No ano de 1820, os portugueses lideraram uma revolução, exigindo o retorno imediato de D. João VI. Como o rei não decidia seu retorno a Portugal, os portugueses ameaçaram proclamar uma República, fato este que determinou a volta de D. João a Portugal, nomeando seu filho, D. Pedro, em sua substituição.
Este fato contribuiu para a Independência do Brasil, pois o reino português queria o retorno da política colonialista no Brasil, porém, com os desenvolvimentos adquiridos, os colonos não aceitaram tais condições e começaram a lutar por sua independência, conquistando-a no dia 07 de setembro de 1822.
Em 1850, no Período Imperial, foi promulgada a Lei nº. 556, de 22 de junho; lei esta de fundamental importância para o desenvolvimento da contabilidade no país, pois estabelecia o Código Comercial Brasileiro, definindo as principais obrigatoriedades aos comerciantes, segundo Leite (2005).

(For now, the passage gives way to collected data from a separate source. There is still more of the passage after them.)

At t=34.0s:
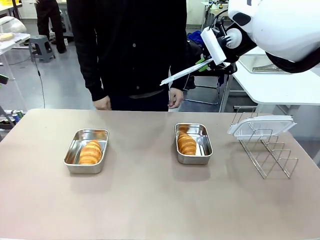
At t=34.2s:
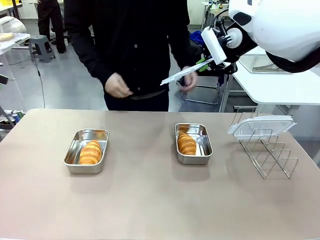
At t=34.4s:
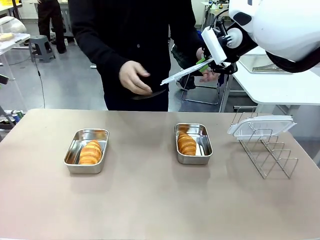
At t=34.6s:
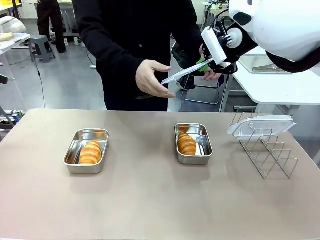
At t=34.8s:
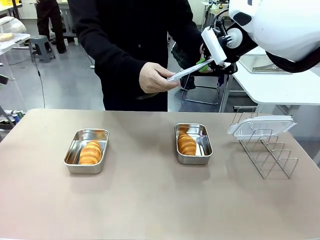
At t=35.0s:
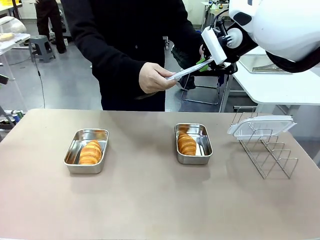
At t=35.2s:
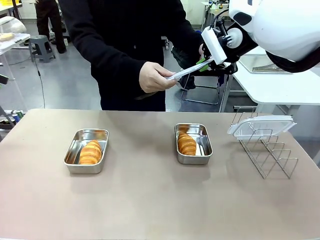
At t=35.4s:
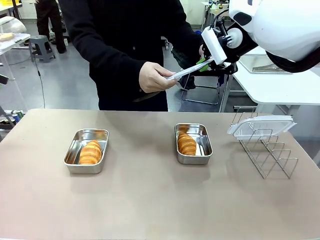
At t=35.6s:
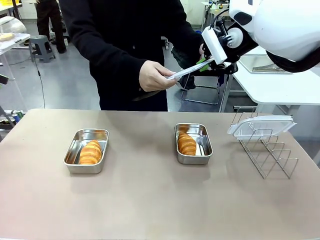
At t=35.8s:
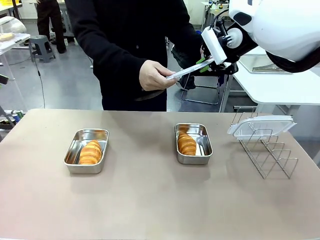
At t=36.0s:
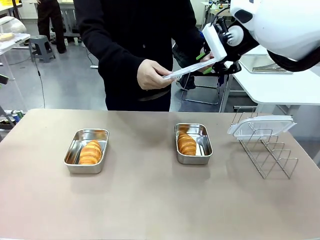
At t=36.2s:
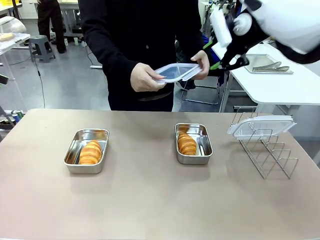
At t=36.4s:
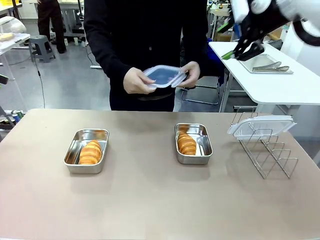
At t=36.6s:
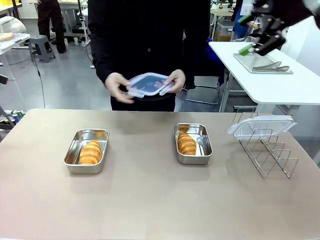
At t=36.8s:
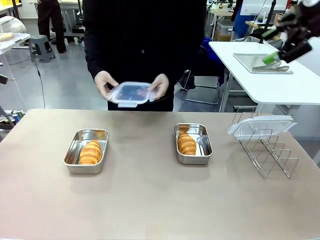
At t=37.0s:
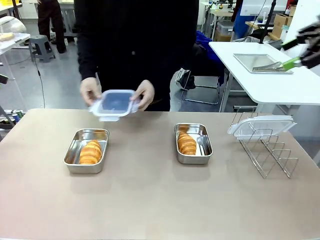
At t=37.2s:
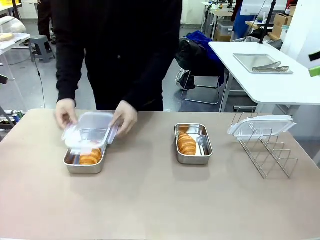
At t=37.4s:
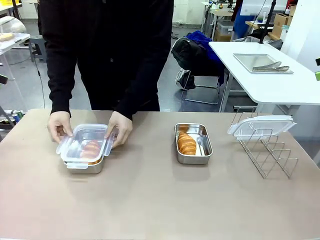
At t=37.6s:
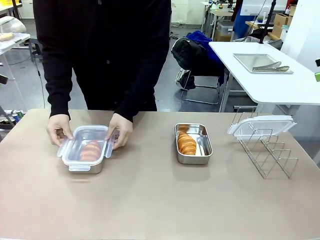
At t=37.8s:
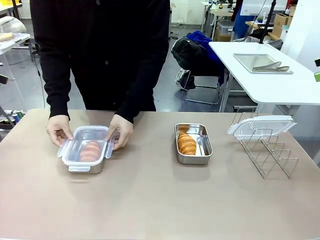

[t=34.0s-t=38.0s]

- Seguir uma ordem uniforme de Contabilidade e escrituração, e ter livros para esses fins;
- Fazer anualmente um balanço geral de seu ativo e passivo, compreendendo todos os bens de raiz móveis e semoventes, mercadorias, dinheiro, papéis de crédito e quaisquer outras espécies de valores, além de todas as dívidas e obrigações passivas, datando- o e assinando-o;
- Lançar no Diário, com individuação e clareza, todas as suas operações de comércio, letras e outros papéis de crédito ‘que passar, aceitar, afiançar, ou endossar e, em geral, tudo quanto receber a despender de sua alheia conta, seja por que título for, sendo
suficiente que as parcelas de despesas domésticas se lancem englobadas na data em que forem extraídas do caixa’.
Os comerciantes de retalho deveriam lançar diariamente no Diário a soma total de suas vendas a dinheiro e, em assento separado, a soma total das vendas fiadas no mesmo dia. (LEITE, 2005, p. 44-45). O Código Comercial do Brasil tornou obrigatória a escrituração mercantil, baseando-se em um sistema uniforme de partidas dobradas e a elaboração dos livros contábeis: Diário e Razão, incluindo o balancete e o balanço geral.
Por meio dessa uniformização foi possível o entendimento por parte dos interessados nas informações contábeis, tais como os stakeholders, empresários, governos, investidores, empregados etc., promovendo, assim, uma análise patrimonial das empresas.
Foi no século XIX, pelas exigências do Código Comercial do Brasil, que surgiu a necessidade de criar a disciplina Contabilidade, que era oferecida em cursos diversos, uma vez que não havia o Curso Técnico em Contabilidade.